Exercise description = Starting with the first line, output the data exactly through to the end.

(Data for review begins)

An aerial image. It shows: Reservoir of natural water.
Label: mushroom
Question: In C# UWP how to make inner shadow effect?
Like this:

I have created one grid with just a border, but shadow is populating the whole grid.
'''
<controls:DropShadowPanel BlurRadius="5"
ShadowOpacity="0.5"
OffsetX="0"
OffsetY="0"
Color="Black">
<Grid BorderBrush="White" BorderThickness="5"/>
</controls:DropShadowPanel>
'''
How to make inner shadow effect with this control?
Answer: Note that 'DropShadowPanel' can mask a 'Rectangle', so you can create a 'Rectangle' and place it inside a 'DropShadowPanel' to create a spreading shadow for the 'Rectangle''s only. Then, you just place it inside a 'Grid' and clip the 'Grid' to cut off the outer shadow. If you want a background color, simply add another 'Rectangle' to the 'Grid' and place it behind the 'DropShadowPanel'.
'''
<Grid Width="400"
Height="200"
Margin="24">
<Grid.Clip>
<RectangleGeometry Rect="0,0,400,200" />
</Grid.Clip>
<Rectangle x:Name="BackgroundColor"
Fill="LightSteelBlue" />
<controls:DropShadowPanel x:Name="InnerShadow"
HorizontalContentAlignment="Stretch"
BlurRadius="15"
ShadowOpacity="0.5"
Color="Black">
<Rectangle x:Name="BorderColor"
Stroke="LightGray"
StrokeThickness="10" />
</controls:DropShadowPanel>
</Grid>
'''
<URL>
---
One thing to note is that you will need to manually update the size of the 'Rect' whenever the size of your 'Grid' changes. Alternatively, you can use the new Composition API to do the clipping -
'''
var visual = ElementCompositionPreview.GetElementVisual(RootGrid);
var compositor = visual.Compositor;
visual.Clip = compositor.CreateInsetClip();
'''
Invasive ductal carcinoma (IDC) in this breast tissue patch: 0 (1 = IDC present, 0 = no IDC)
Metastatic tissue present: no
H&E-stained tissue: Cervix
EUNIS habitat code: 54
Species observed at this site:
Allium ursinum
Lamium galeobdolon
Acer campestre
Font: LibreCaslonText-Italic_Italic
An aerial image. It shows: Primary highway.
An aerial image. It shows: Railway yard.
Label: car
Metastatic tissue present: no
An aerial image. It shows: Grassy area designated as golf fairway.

(Data for review ends)

Answer to this task =
An aerial image. It shows: Reservoir of natural water.
Label: mushroom
Question: In C# UWP how to make inner shadow effect?
Like this:

I have created one grid with just a border, but shadow is populating the whole grid.
'''
<controls:DropShadowPanel BlurRadius="5"
ShadowOpacity="0.5"
OffsetX="0"
OffsetY="0"
Color="Black">
<Grid BorderBrush="White" BorderThickness="5"/>
</controls:DropShadowPanel>
'''
How to make inner shadow effect with this control?
Answer: Note that 'DropShadowPanel' can mask a 'Rectangle', so you can create a 'Rectangle' and place it inside a 'DropShadowPanel' to create a spreading shadow for the 'Rectangle''s only. Then, you just place it inside a 'Grid' and clip the 'Grid' to cut off the outer shadow. If you want a background color, simply add another 'Rectangle' to the 'Grid' and place it behind the 'DropShadowPanel'.
'''
<Grid Width="400"
Height="200"
Margin="24">
<Grid.Clip>
<RectangleGeometry Rect="0,0,400,200" />
</Grid.Clip>
<Rectangle x:Name="BackgroundColor"
Fill="LightSteelBlue" />
<controls:DropShadowPanel x:Name="InnerShadow"
HorizontalContentAlignment="Stretch"
BlurRadius="15"
ShadowOpacity="0.5"
Color="Black">
<Rectangle x:Name="BorderColor"
Stroke="LightGray"
StrokeThickness="10" />
</controls:DropShadowPanel>
</Grid>
'''
<URL>
---
One thing to note is that you will need to manually update the size of the 'Rect' whenever the size of your 'Grid' changes. Alternatively, you can use the new Composition API to do the clipping -
'''
var visual = ElementCompositionPreview.GetElementVisual(RootGrid);
var compositor = visual.Compositor;
visual.Clip = compositor.CreateInsetClip();
'''
Invasive ductal carcinoma (IDC) in this breast tissue patch: 0 (1 = IDC present, 0 = no IDC)
Metastatic tissue present: no
H&E-stained tissue: Cervix
EUNIS habitat code: 54
Species observed at this site:
Allium ursinum
Lamium galeobdolon
Acer campestre
Font: LibreCaslonText-Italic_Italic
An aerial image. It shows: Primary highway.
An aerial image. It shows: Railway yard.
Label: car
Metastatic tissue present: no
An aerial image. It shows: Grassy area designated as golf fairway.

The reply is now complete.